Emma Kohlmann on nudes, prehistoric influences and an obsession with scanning

A new book published by Anthology Editions traverses the artist’s watercolour works. Find out how an “incredibly analogue” process and the eye of Elana Schlenker helped it come to life.

4 April 2024

On paper, Emma Kohlmann’s journey as an artist reads as pretty untraditional. She didn’t study art, but history and theory, and rather than moving to a big city to pursue her career, she instead moved from her home of the Bronx, and grew as an artist in a countryside town. Both of these aspects are now key to her work; the prehistoric influence to her trademark flowing figures, and the evident freedom with which her practice flourished, not held back by the financial and spatial constraints of inner-city life.
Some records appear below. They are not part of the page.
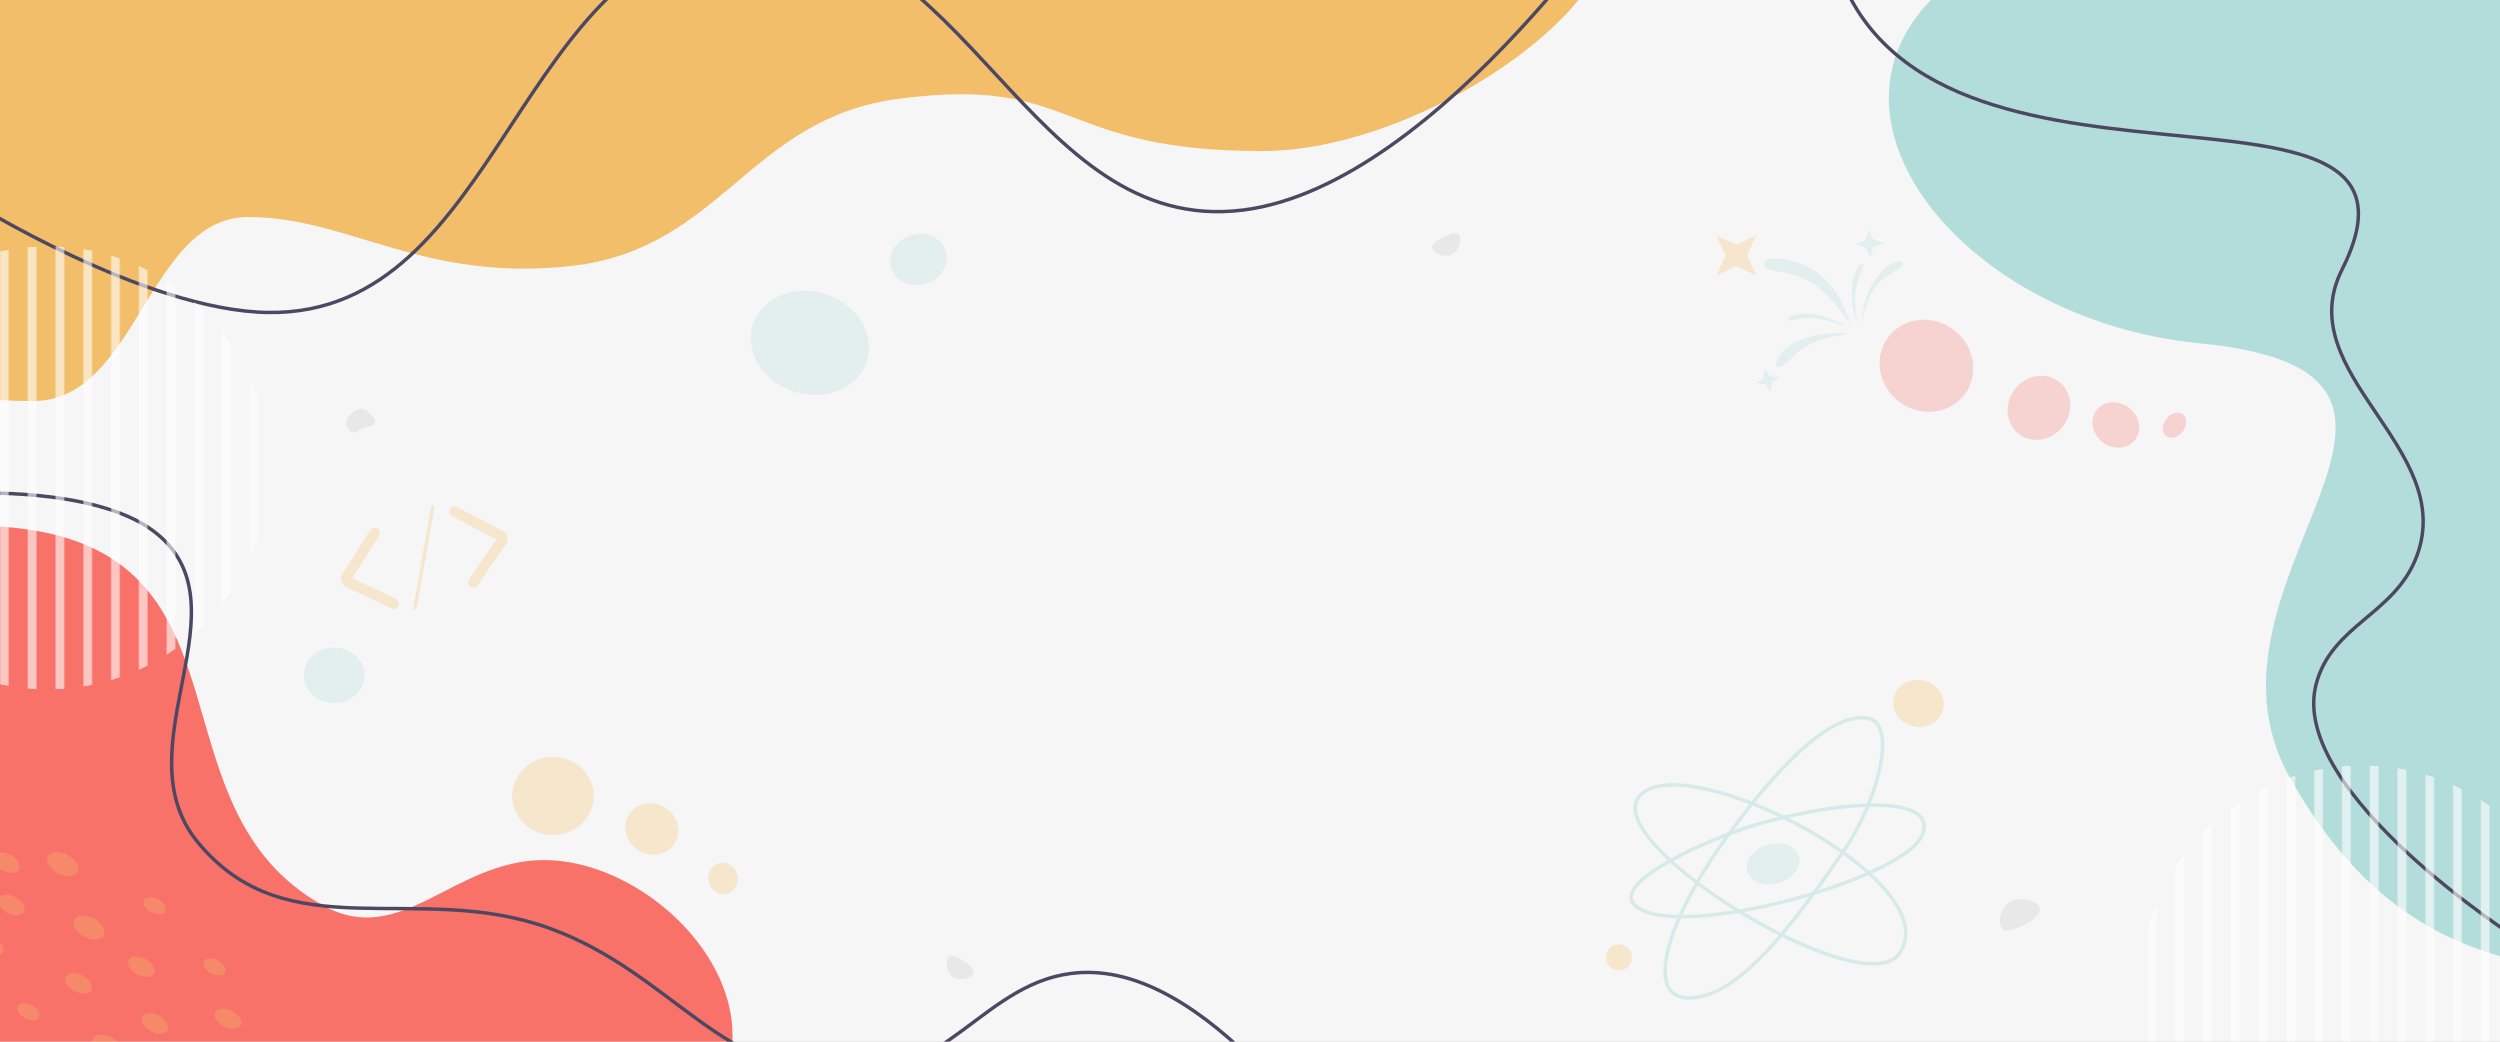 <svg width="1440" height="600" viewBox="0 0 1440 600" fill="none" xmlns="http://www.w3.org/2000/svg">
<rect x="0" y="0" width="1440" height="600" fill="#333333" stroke="none"/>
<g clip-path="url(#clip0_1149_968)">
<rect width="1440" height="600" fill="white"/>
<rect width="1440" height="600" fill="#F6F6F6"/>
<path d="M1266.85 197.735C1088.76 180.396 980.71 -18.042 1252.84 -56.574C1524.97 -95.105 1519.62 -23.832 1519.62 -23.832L1593 556.079C1470.94 567.639 1383.03 561.668 1319 448C1254.97 334.332 1444.93 215.074 1266.85 197.735Z" fill="#B3DDDB"/>
<path d="M313.474 495.403C260.867 495.403 231.18 546.865 185.792 521.409C87 466 147 326 18.563 305.362C-120.586 283.002 -95.552 437.58 -103.47 521.409C-116.156 655.728 -234.79 787.531 -111.379 866.484C-40.974 911.526 22.139 890.896 108.957 893.49C266.077 898.183 506.692 838.478 506.692 838.478C506.692 838.478 662.622 800.469 672.791 738.456C679.836 695.499 655.842 647.436 607.255 660.439C515.761 684.925 396.181 790.526 368.841 709.45C352.058 659.682 421.947 646.436 421.947 596.425C421.947 544.316 364.321 495.403 313.474 495.403Z" fill="#F87269"/>
<ellipse opacity="0.3" rx="34.5" ry="29.5" transform="matrix(-0.951 -0.308 -0.308 0.951 466.5 197.5)" fill="#B3DDDB"/>
<ellipse opacity="0.3" cx="318.5" cy="458.5" rx="23.5" ry="22.5" fill="#F2BE6A"/>
<ellipse opacity="0.3" cx="375.5" cy="477.5" rx="14.5" ry="15.5" transform="rotate(-60.173 375.5 477.5)" fill="#F2BE6A"/>
<ellipse opacity="0.3" cx="416.5" cy="506" rx="8.5" ry="9" transform="rotate(-15.984 416.5 506)" fill="#F2BE6A"/>
<ellipse rx="27.5" ry="26" transform="matrix(0.8 0.6 0.6 -0.8 1109.6 210.699)" fill="#F6D3D1"/>
<ellipse opacity="0.3" cx="1105.04" cy="405.165" rx="14.625" ry="13.5" transform="rotate(11.6 1105.04 405.165)" fill="#F2BE6A"/>
<circle opacity="0.3" cx="932.5" cy="551.5" r="7.5" fill="#F2BE6A"/>
<ellipse opacity="0.3" rx="17.5" ry="16" transform="matrix(-1 0 0 1 192.5 389)" fill="#B3DDDB"/>
<ellipse opacity="0.3" cx="529.074" cy="149.416" rx="16.5" ry="14.5" transform="rotate(-16.668 529.074 149.416)" fill="#B3DDDB"/>
<ellipse rx="17.5" ry="19" transform="matrix(0.8 0.6 0.6 -0.8 1174.4 234.899)" fill="#F6D3D1"/>
<ellipse opacity="0.3" cx="1021.29" cy="497.61" rx="15.5" ry="11.506" transform="rotate(-16.792 1021.29 497.61)" fill="#B3DDDB"/>
<ellipse rx="14" ry="12.5" transform="matrix(0.8 0.6 0.6 -0.8 1218.7 244.799)" fill="#F6D3D1"/>
<ellipse rx="5.94" ry="7.939" transform="matrix(0.8 0.6 0.6 -0.8 1252.51 244.915)" fill="#F6D3D1"/>
<path d="M1153.48 535.295C1156.25 538.463 1173.71 530.225 1174.89 525.084C1176.27 519.098 1163.8 516.282 1158.32 519.098C1151.54 522.586 1150.72 532.126 1153.48 535.295Z" fill="#E8E8E8"/>
<path d="M546.739 550.774C548.903 548.713 560.316 555.972 560.724 559.754C561.2 564.157 552.347 565.216 548.785 562.772C544.376 559.746 544.576 552.835 546.739 550.774Z" fill="#E8E8E8"/>
<path d="M824.829 142.847C823.982 139.981 835.651 133.14 839.202 134.503C843.337 136.089 840.239 144.45 836.438 146.503C831.733 149.045 825.675 145.713 824.829 142.847Z" fill="#E8E8E8"/>
<path d="M143 125C85 125 79 231 19 231C-200.96 231 -330.327 13.483 143 -149C329.437 -213 729 -173 907 -71C981.622 -28.239 833.685 87 727 87C607 87 621 43.076 517 57C431.342 68.468 415.352 143.457 329.437 153.153C243.521 162.849 201 125 143 125Z" fill="#F2BE6A"/>
<path d="M-17 115.991C-17 115.991 83.505 179.02 154.472 179.988C289.615 181.832 297.033 -31.617 431.967 -39.828C556.591 -47.411 592.038 136.517 716.008 120.991C830.348 106.671 949 -76 949 -76" stroke="#4D4761" stroke-width="2"/>
<path d="M1450.5 541C1450.5 541 1318.26 456.372 1334 394.435C1342.79 359.841 1379.36 354.085 1392 320.501C1415.61 257.786 1318.67 215.549 1349 155.291C1417 20.202 1097 143.425 1055 -30" stroke="#4D4761" stroke-width="2"/>
<path d="M-18 284.197C-18 284.197 54.264 280.437 88.219 305.752C144.814 347.947 69.025 430.277 113.765 484.925C165.537 548.162 240.098 506.75 316.79 534.77C388.053 560.807 415.753 621.635 491.58 619.642C551.337 618.071 573.162 555.677 632.756 560.366C708.896 566.357 782 687 782 687" stroke="#4D4761" stroke-width="2"/>
<g opacity="0.5">
<path d="M995.138 481.347C956.985 534.002 943.489 584.501 982.635 573.22C1007.88 565.945 1036.71 527.178 1063.04 488.523C1080.83 462.412 1093.6 416.772 1075.82 413.684C1058.64 410.7 1031.55 431.1 995.138 481.347Z" stroke="#B3DDDB" stroke-width="2"/>
<path d="M944.617 458.179C971.281 429.864 1123.57 507.87 1093.89 549.369C1072.59 579.144 919.4 484.957 944.617 458.179Z" stroke="#B3DDDB" stroke-width="2"/>
<path d="M1106.6 482.068C1093.98 507.198 966.48 542.207 942.275 521.954C925.826 508.19 987.464 482.068 1011.44 475.025C1061.99 460.18 1118.89 457.577 1106.6 482.068Z" stroke="#B3DDDB" stroke-width="2"/>
</g>
<g opacity="0.6">
<mask id="mask0_1149_968" style="mask-type:alpha" maskUnits="userSpaceOnUse" x="-96" y="133" width="245" height="274">
<rect x="144" y="133" width="5" height="274" fill="white"/>
<rect x="144" y="133" width="5" height="274" fill="white"/>
<rect x="128" y="133" width="5" height="274" fill="white"/>
<rect x="128" y="133" width="5" height="274" fill="white"/>
<rect x="112" y="133" width="5" height="274" fill="white"/>
<rect x="112" y="133" width="5" height="274" fill="white"/>
<rect x="96" y="133" width="5" height="274" fill="white"/>
<rect x="96" y="133" width="5" height="274" fill="white"/>
<rect x="80" y="133" width="5" height="274" fill="white"/>
<rect x="80" y="133" width="5" height="274" fill="white"/>
<rect x="64" y="133" width="5" height="274" fill="white"/>
<rect x="64" y="133" width="5" height="274" fill="white"/>
<rect x="48" y="133" width="5" height="274" fill="white"/>
<rect x="48" y="133" width="5" height="274" fill="white"/>
<rect x="32" y="133" width="5" height="274" fill="white"/>
<rect x="32" y="133" width="5" height="274" fill="white"/>
<rect x="16" y="133" width="5" height="274" fill="white"/>
<rect x="16" y="133" width="5" height="274" fill="white"/>
<rect y="133" width="5" height="274" fill="white"/>
<rect y="133" width="5" height="274" fill="white"/>
</mask>
<g mask="url(#mask0_1149_968)">
<circle cx="27.5" cy="269.5" r="127.5" fill="white"/>
<circle cx="27.5" cy="269.5" r="127.5" fill="white"/>
</g>
</g>
<g opacity="0.6">
<mask id="mask1_1149_968" style="mask-type:alpha" maskUnits="userSpaceOnUse" x="1237" y="432" width="245" height="274">
<rect x="1429" y="432" width="5" height="274" fill="white"/>
<rect x="1429" y="432" width="5" height="274" fill="white"/>
<rect x="1413" y="432" width="5" height="274" fill="white"/>
<rect x="1413" y="432" width="5" height="274" fill="white"/>
<rect x="1397" y="432" width="5" height="274" fill="white"/>
<rect x="1397" y="432" width="5" height="274" fill="white"/>
<rect x="1381" y="432" width="5" height="274" fill="white"/>
<rect x="1381" y="432" width="5" height="274" fill="white"/>
<rect x="1365" y="432" width="5" height="274" fill="white"/>
<rect x="1365" y="432" width="5" height="274" fill="white"/>
<rect x="1349" y="432" width="5" height="274" fill="white"/>
<rect x="1349" y="432" width="5" height="274" fill="white"/>
<rect x="1333" y="432" width="5" height="274" fill="white"/>
<rect x="1333" y="432" width="5" height="274" fill="white"/>
<rect x="1317" y="432" width="5" height="274" fill="white"/>
<rect x="1317" y="432" width="5" height="274" fill="white"/>
<rect x="1301" y="432" width="5" height="274" fill="white"/>
<rect x="1301" y="432" width="5" height="274" fill="white"/>
<rect x="1285" y="432" width="5" height="274" fill="white"/>
<rect x="1285" y="432" width="5" height="274" fill="white"/>
<rect x="1269" y="432" width="5" height="274" fill="white"/>
<rect x="1269" y="432" width="5" height="274" fill="white"/>
<rect x="1253" y="432" width="5" height="274" fill="white"/>
<rect x="1253" y="432" width="5" height="274" fill="white"/>
<rect x="1237" y="432" width="5" height="274" fill="white"/>
<rect x="1237" y="432" width="5" height="274" fill="white"/>
</mask>
<g mask="url(#mask1_1149_968)">
<circle cx="1360.5" cy="568.5" r="127.5" fill="white"/>
<circle cx="1360.5" cy="568.5" r="127.5" fill="white"/>
</g>
</g>
<g opacity="0.3">
<ellipse cx="62.005" cy="602.87" rx="9.668" ry="5.912" transform="rotate(27.688 62.005 602.87)" fill="#F2BE6A"/>
<ellipse cx="89.284" cy="589.523" rx="8.286" ry="5.068" transform="rotate(27.688 89.284 589.523)" fill="#F2BE6A"/>
<ellipse cx="-4.398" cy="545.132" rx="6.905" ry="4.223" transform="rotate(27.688 -4.398 545.132)" fill="#F2BE6A"/>
<ellipse cx="16.409" cy="582.76" rx="6.905" ry="4.223" transform="rotate(27.688 16.409 582.76)" fill="#F2BE6A"/>
<ellipse cx="45.259" cy="566.421" rx="8.286" ry="5.068" transform="rotate(27.688 45.259 566.421)" fill="#F2BE6A"/>
<ellipse cx="3.736" cy="496.938" rx="8.286" ry="5.068" transform="rotate(27.688 3.736 496.938)" fill="#F2BE6A"/>
<ellipse cx="6.546" cy="521.306" rx="8.286" ry="5.068" transform="rotate(27.688 6.546 521.306)" fill="#F2BE6A"/>
<ellipse cx="51.22" cy="534.255" rx="9.668" ry="5.912" transform="rotate(27.688 51.22 534.255)" fill="#F2BE6A"/>
<ellipse cx="36.089" cy="497.7" rx="9.668" ry="5.912" transform="rotate(27.688 36.089 497.7)" fill="#F2BE6A"/>
<ellipse cx="89.022" cy="521.661" rx="6.905" ry="4.223" transform="rotate(27.688 89.022 521.661)" fill="#F2BE6A"/>
<ellipse cx="123.537" cy="556.942" rx="6.905" ry="4.223" transform="rotate(27.688 123.537 556.942)" fill="#F2BE6A"/>
<ellipse cx="131.285" cy="586.762" rx="8.286" ry="5.068" transform="rotate(27.688 131.285 586.762)" fill="#F2BE6A"/>
<ellipse cx="81.492" cy="556.818" rx="8.286" ry="5.068" transform="rotate(27.688 81.492 556.818)" fill="#F2BE6A"/>
</g>
<g opacity="0.3">
<path d="M217.496 307.995C218.086 307.061 217.808 305.826 216.874 305.236C215.94 304.646 214.705 304.924 214.115 305.858L198.039 331.296C196.759 333.322 197.535 336.011 199.697 337.043L225.879 349.543C226.876 350.018 228.07 349.596 228.546 348.599C229.022 347.603 228.599 346.409 227.603 345.933L201.421 333.433L217.496 307.995Z" fill="#F2BE6A" stroke="#F2BE6A" stroke-width="2" stroke-linecap="round" stroke-linejoin="round"/>
<path d="M260.788 296.395C259.81 295.881 259.434 294.672 259.947 293.694C260.461 292.717 261.67 292.34 262.648 292.854L289.289 306.846C291.41 307.96 292.082 310.677 290.726 312.652L274.302 336.568C273.676 337.478 272.431 337.709 271.521 337.084C270.61 336.459 270.379 335.214 271.004 334.303L287.429 310.387L260.788 296.395Z" fill="#F2BE6A" stroke="#F2BE6A" stroke-width="2" stroke-linecap="round" stroke-linejoin="round"/>
<path d="M239.06 350.041L244.169 321.065L249.278 292.088" stroke="#F2BE6A" stroke-width="2" stroke-linecap="round"/>
</g>
<g opacity="0.3">
<path d="M1038.54 160.301C1051.04 166.193 1055.16 172.53 1065.56 186.427C1060.97 169.305 1050.47 157.104 1038.01 152.101C1029.83 148.819 1014.86 146.631 1016.52 152.854C1017.84 157.78 1026.67 154.705 1038.54 160.301Z" fill="#B3DDDB"/>
<path d="M1072.22 187.263C1077.53 155.319 1094.45 158.403 1095.8 152.318C1097.05 146.67 1073.82 154.169 1072.22 187.263Z" fill="#B3DDDB"/>
<path d="M1038.55 200.501C1044.39 196.578 1051.46 194.511 1065.7 192.025C1026.93 189.842 1020.32 210.728 1023.92 211.307C1027.99 211.961 1031.66 205.137 1038.55 200.501Z" fill="#B3DDDB"/>
<path d="M1042.39 183.279C1050 183.515 1054.05 185.046 1063.53 188.219C1055.49 183.183 1046.56 180.585 1039.28 180.638C1034.5 180.673 1029.82 182.653 1030.01 183.832C1030.36 185.873 1035.16 183.054 1042.39 183.279Z" fill="#B3DDDB"/>
<path d="M1069.49 164.009C1068.02 171.476 1068.6 175.769 1069.57 185.722C1066.46 176.76 1065.93 167.47 1067.61 160.386C1068.71 155.738 1071.69 151.615 1072.8 152.072C1074.71 152.862 1070.89 156.915 1069.49 164.009Z" fill="#B3DDDB"/>
<path d="M988.634 135.757L993.936 147.195L988.703 158.665L1000.14 153.364L1011.61 158.596L1006.31 147.158L1011.54 135.688L1000.1 140.989L988.634 135.757Z" fill="#F2BE6A"/>
<path d="M1076.56 132.146L1074.6 138.137L1068.78 140.551L1074.77 142.509L1077.18 148.332L1079.14 142.341L1084.97 139.927L1078.97 137.969L1076.56 132.146Z" fill="#B3DDDB"/>
<path d="M1016.37 212.299L1015.87 217.679L1011.47 220.801L1016.85 221.301L1019.97 225.71L1020.47 220.33L1024.88 217.208L1019.5 216.708L1016.37 212.299Z" fill="#B3DDDB"/>
</g>
<path d="M203.543 237.177C205.849 234.87 209.59 234.87 211.896 237.177L214.533 239.814C217.708 242.988 215.492 245.373 211.564 245.928C209.89 246.165 208.222 246.674 206.978 247.819V247.819C205.734 248.963 203.99 249.712 202.507 248.9C199.267 247.127 198.243 242.477 201.185 239.534L203.543 237.177Z" fill="#E8E8E8"/>
</g>
<defs>
<clipPath id="clip0_1149_968">
<rect width="1440" height="600" fill="white"/>
</clipPath>
</defs>
</svg>

While Emma may not have majored in art, it’s always been a central thread through her life, carrying sketchbooks on her person since childhood, and going to museums with her parents. One of the reasons she’s always been drawn to watercolour is that it’s so transportable – something you take and use anywhere. “I used to always carry a small palette with me wherever I went,” says Emma. “I also used to make goals for myself, like cutting down a stack of paper and seeing how many drawings I could make in a day.” When it came to her final thesis at college, Emma completed it in two parts; a written paper on “the body and abjection, the murkiness between beauty and ugliness and how it manifests itself within art-making whilst referencing contemporary artists”, and a series of artworks based on it.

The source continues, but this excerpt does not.